JDBC Incremental Load
  • Dark
    Light

JDBC Incremental Load

  • Dark
    Light

Incremental load icon

This article is part of the series on Incremental Load Tools and Shared Jobs.

Overview

The JDBC Incremental Load component is a tool designed to allow users to easily set up a Shared Job that will incrementally load from JDBC-compliant databases, rather than having to manually create such a job, which would require significantly more expertise.

Users should schedule their incremental load jobs to run periodically for the job to continually update the created tables. To learn more about scheduling, read Manage Schedules.

In the Components panel, type "JDBC incremental load" to locate the component, and drag it onto the canvas. The wizard will open once you drop the component onto the canvas.


JDBC incremental load setup (Snowflake)

Complete the following six pages in the wizard.

1. Database Selection

Page 1 of the wizard gives users an explanation of the wizard, as well as requiring database connection details.

  • Database Type: Select the type of database to connect to. The available database types are:

    • IBM DB2
    • Microsoft SQL Server
    • MySQL
    • Oracle
    • PostgreSQL
  • Connection URL: Pass your database's connection URL. Once you have selected a database type, Matillion ETL will automatically load a template URL relative to the database type. For example, selecting PostgreSQL as the database type provides this template: jdbc:postgresql://<host>/<database>.

  • Username: Provide the username for the database.

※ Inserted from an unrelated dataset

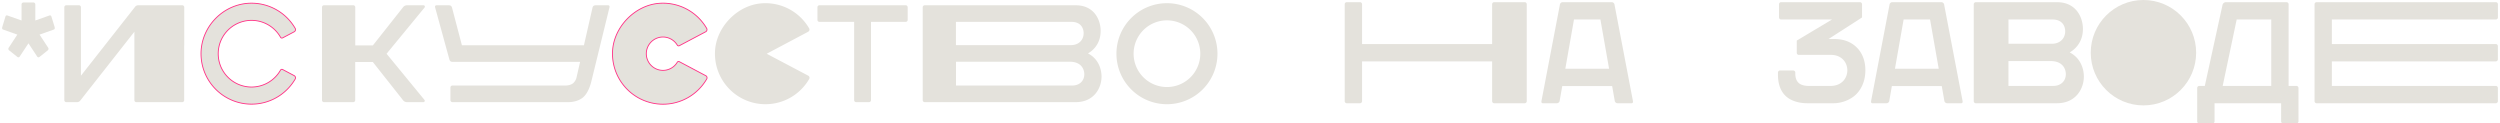 <?xml version="1.0" encoding="UTF-8"?> <svg xmlns="http://www.w3.org/2000/svg" id="Слой_1" data-name="Слой 1" viewBox="0 0 2837.36 140.11"> <defs> <style>.cls-1,.cls-2{fill:#e4e2dc;}.cls-2{stroke:#ff3185;stroke-miterlimit:10;}</style> </defs> <path class="cls-1" d="M3.69,33.62c-.87-.32-1.74-.79-1-3.3L6.16,18.85c.58-1.88,2-1.41,2.76-1.1l15.53,5.5V5a2.28,2.28,0,0,1,2-2.2H38.09a2.29,2.29,0,0,1,2,2.2V23.25l15.53-5.5c.72-.31,2.17-.78,2.75,1.1L61.9,30.32c.72,2.51-.15,3-1,3.3l-16,5.65,9.58,14.61a2.28,2.28,0,0,1-.29,3.3l-9.29,7.38a1.73,1.73,0,0,1-2.75-.47L32.29,49.17,22.42,64.09a1.74,1.74,0,0,1-2.76.47l-9.29-7.38a2.28,2.28,0,0,1-.29-3.3l9.58-14.61Z"></path> <path class="cls-1" d="M513.93,70.21c-1.16,0-3.19,0-3.92-2.82L493.76,8.17A1.64,1.64,0,0,1,495.35,6h13.79c1.16,0,3.2,0,3.92,2.83l11.18,42.56H662.73L672.45,8.8C673,6,675.36,6,676.37,6h13.79c1.31,0,1.89,1,1.6,2.2L671.15,92.36c-1.16,4.71-3.78,13.19-9.29,18.06-4.21,3.61-10.6,5.5-16.84,5.5H513.21a2.29,2.29,0,0,1-2-2.2V99.27a2.29,2.29,0,0,1,2-2.2H642.12c2.32,0,6.24-.79,8.42-2.67a12.77,12.77,0,0,0,3.92-7.07l3.92-17.12Z"></path> <path class="cls-1" d="M988.54,113.72a2.29,2.29,0,0,1-2,2.2H971.41a2.28,2.28,0,0,1-2-2.2V24.82H929.75a2.28,2.28,0,0,1-2-2.2V8.17a2.28,2.28,0,0,1,2-2.2h98.41a2.28,2.28,0,0,1,2,2.2V22.62a2.28,2.28,0,0,1-2,2.2H988.54Z"></path> <path class="cls-1" d="M1770.19,114.06a3.29,3.29,0,0,1-3.33,3.11h-15.75a1.53,1.53,0,0,1-1.52-.82c-.15-.16-.3-.82,0-2.29L1770.34,5.57a3.3,3.3,0,0,1,3.33-3.11h55.43a3.3,3.3,0,0,1,3.33,3.11l20.75,108.49c.3,1.47.15,2.13,0,2.29a1.53,1.53,0,0,1-1.52.82h-15.75a3.29,3.29,0,0,1-3.33-3.11l-2.88-16.39h-56.63Zm16.2-91.94L1776.55,78h49.67l-9.84-55.88Z"></path> <path class="cls-1" d="M2111.17,2.46a2.38,2.38,0,0,1,2.12,2.29V19.83l-38,24.42h5.91c7.42,0,18.47,1.31,27.1,10.65,5,5.41,8.79,13.6,8.79,24.91,0,12.61-4.85,21.79-10.75,27.53-6.36,6.06-16.21,9.83-25.29,9.83H2051.2c-10.6,0-19.53-3.28-24.68-8.36-7.72-7.37-8.63-17.86-8.63-24.42V82.26A2.38,2.38,0,0,1,2020,80h15.44a2.38,2.38,0,0,1,2.12,2.29v1.15c0,3.11.46,7.54,3.79,10.65s8.93,3.44,11.66,3.44h24.53c12.87,0,19.08-9,19.08-17.69,0-9-6.51-17.54-18.47-17.54h-36.8a2.38,2.38,0,0,1-2.12-2.29V46.05l40-23.93h-58a2.37,2.37,0,0,1-2.12-2.29V4.75a2.38,2.38,0,0,1,2.12-2.29Z"></path> <path class="cls-1" d="M2144.31,114.06a3.29,3.29,0,0,1-3.33,3.11h-15.75a1.53,1.53,0,0,1-1.52-.82c-.15-.16-.3-.82,0-2.29L2144.46,5.57a3.3,3.3,0,0,1,3.33-3.11h55.43a3.3,3.3,0,0,1,3.33,3.11l20.75,108.49c.3,1.47.15,2.13,0,2.29a1.53,1.53,0,0,1-1.52.82H2210a3.29,3.29,0,0,1-3.33-3.11l-2.88-16.39h-56.63Zm16.2-91.94L2150.67,78h49.67l-9.84-55.88Z"></path> <path class="cls-1" d="M2606.52,97.5a2.38,2.38,0,0,1,2.12,2.3v38a2.38,2.38,0,0,1-2.12,2.29h-15.45a2.38,2.38,0,0,1-2.12-2.29V117.17h-75.57v20.65a2.38,2.38,0,0,1-2.12,2.29h-15.44a2.38,2.38,0,0,1-2.12-2.29v-38a2.38,2.38,0,0,1,2.12-2.3h6.51l20-91.44a4.09,4.09,0,0,1,4.24-3.6h68.75a2.38,2.38,0,0,1,2.12,2.29V97.5Zm-28.78,0V22.12h-39.22l-15.9,75.38Z"></path> <path class="cls-1" d="M2646.52,50h186.31a2.38,2.38,0,0,1,2.12,2.3V67.35a2.38,2.38,0,0,1-2.12,2.3H2646.52V97.5h186.31a2.38,2.38,0,0,1,2.12,2.3v15.07a2.38,2.38,0,0,1-2.12,2.3H2629a2.38,2.38,0,0,1-2.12-2.3V4.75A2.38,2.38,0,0,1,2629,2.46h203.88A2.38,2.38,0,0,1,2835,4.75V19.83a2.37,2.37,0,0,1-2.12,2.29H2646.52Z"></path> <path class="cls-1" d="M438.73,61l43-52.31A1.56,1.56,0,0,0,480.53,6H462.39a5.67,5.67,0,0,0-4.93,2.2L423.2,51.52h-20V8.17a2.28,2.28,0,0,0-2-2.2H367.45a2.28,2.28,0,0,0-2,2.2V113.72a2.28,2.28,0,0,0,2,2.2h33.69a2.28,2.28,0,0,0,2-2.2V70.37h20l34.26,43.35a5.67,5.67,0,0,0,4.93,2.2h18.14a1.56,1.56,0,0,0,1.16-2.67Z"></path> <path class="cls-1" d="M209.11,51.52V8.17a2.29,2.29,0,0,0-2-2.2H157A4.54,4.54,0,0,0,153.1,8L91.85,85.92V8.17a2.29,2.29,0,0,0-2-2.2H75a2.28,2.28,0,0,0-2,2.2V113.72a2.28,2.28,0,0,0,2,2.2H87.35a4.55,4.55,0,0,0,3.91-2L152.52,36v77.75a2.28,2.28,0,0,0,2,2.2h52.52a2.29,2.29,0,0,0,2-2.2V70.37h0V51.52Z"></path> <path class="cls-2" d="M752.48,79.86a18.92,18.92,0,1,1,16.2-28.64,1.77,1.77,0,0,0,2.34.65l29.9-15.82A2.81,2.81,0,0,0,802,32.14,57.27,57.27,0,0,0,748.46,3.76c-27.77,1.89-52.12,27-53.26,54.77A57.32,57.32,0,0,0,802.11,89.62,2.69,2.69,0,0,0,801,85.9L771,70a1.77,1.77,0,0,0-2.34.65A18.87,18.87,0,0,1,752.48,79.86Z"></path> <path class="cls-1" d="M1324.43,3.62A57.33,57.33,0,1,0,1381.76,61,57.33,57.33,0,0,0,1324.43,3.62Zm0,95.16A37.84,37.84,0,1,1,1362.26,61,37.84,37.84,0,0,1,1324.43,98.78Z"></path> <path class="cls-2" d="M285.48,98.78a37.83,37.83,0,1,1,32.93-56.47,1.79,1.79,0,0,0,2.4.68l13.11-6.93A2.83,2.83,0,0,0,335,32.14,57.28,57.28,0,0,0,285.32,3.62c-31.94.09-58.15,27.25-57.14,59.17A57.32,57.32,0,0,0,335,89.74a2.81,2.81,0,0,0-1.12-3.9l-13.1-6.94a1.8,1.8,0,0,0-2.41.68A37.82,37.82,0,0,1,285.48,98.78Z"></path> <path class="cls-1" d="M917.2,36.05a2.81,2.81,0,0,0,1.12-3.91A57.28,57.28,0,0,0,864.75,3.76c-27.77,1.89-52.13,27-53.27,54.77A57.33,57.33,0,0,0,918.4,89.62a2.69,2.69,0,0,0-1.07-3.72L870.16,61"></path> <path class="cls-1" d="M1234.8,60.63c3.77-2.2,14.52-9.42,14.37-25.91C1249,21.84,1241.33,6,1221,6H1049.23a2.28,2.28,0,0,0-2,2.2V113.72a2.28,2.28,0,0,0,2,2.2h171.64c20.9,0,29.46-16.18,29.32-29.37C1250,76.65,1245.54,66.13,1234.8,60.63Zm-4.93-23.24c.14,7.85-5.52,13.82-14.37,13.82H1084.94V24.82h131.14C1226.09,24.82,1229.72,31.26,1229.87,37.39ZM1217,97.07h-132V70.37h0v-.31h129.23c12.34,0,16.4,7.85,16.4,14.29C1230.59,91.73,1225.22,97.07,1217,97.07Z"></path> <path class="cls-1" d="M1730.66,2.46H1695.6a2.38,2.38,0,0,0-2.12,2.29V50H1545.86V4.75a2.38,2.38,0,0,0-2.12-2.29h-15.45a2.38,2.38,0,0,0-2.12,2.29V114.87a2.38,2.38,0,0,0,2.12,2.3h15.45a2.38,2.38,0,0,0,2.12-2.3V69.65h147.62v45.22a2.38,2.38,0,0,0,2.12,2.3h35.06a2.38,2.38,0,0,0,2.12-2.3V4.75A2.38,2.38,0,0,0,1730.66,2.46Z"></path> <circle class="cls-1" cx="2432.69" cy="59.81" r="59.81"></circle> <path class="cls-1" d="M2349,59.49c3.93-2.3,15.14-9.84,15-27-.15-13.44-8.18-30-29.38-30h-92.4a2.38,2.38,0,0,0-2.12,2.29V114.87a2.38,2.38,0,0,0,2.12,2.3h92.25c21.8,0,30.74-16.88,30.59-30.65C2364.88,76.2,2360.18,65.22,2349,59.49Zm-69.51-37.37h50c10.45,0,14.23,6.72,14.39,13.11.15,8.2-5.76,14.42-15,14.42h-49.36Zm50.88,75.38h-50.88V69.32h48c12.87,0,17.11,8.19,17.11,14.91C2344.58,91.93,2339,97.5,2330.35,97.5Z"></path> </svg>

  • Password name: Select a configured password entry from the dropdown list. To add a new password entry, or edit or remove existing entries, click Manage. Read Manage Passwords for more information.

Click Next.

2. Connection Options

Page 2 of the wizard is for setting connection options. These are defined in parameter=value pairs. To add a new connection option, click +.

The following pages give the connection options for each supported database type:

Schema: Select the source schema. Depending on the selected database type and the selected user, this property may be hidden.

Click Next.

3. Data Sources

Page 3 of the wizard focuses on the data sources (tables) to load. If the database setup and connection options were applied successfully, page 3 will show a Success message at the top, otherwise it will show No Database Type specified.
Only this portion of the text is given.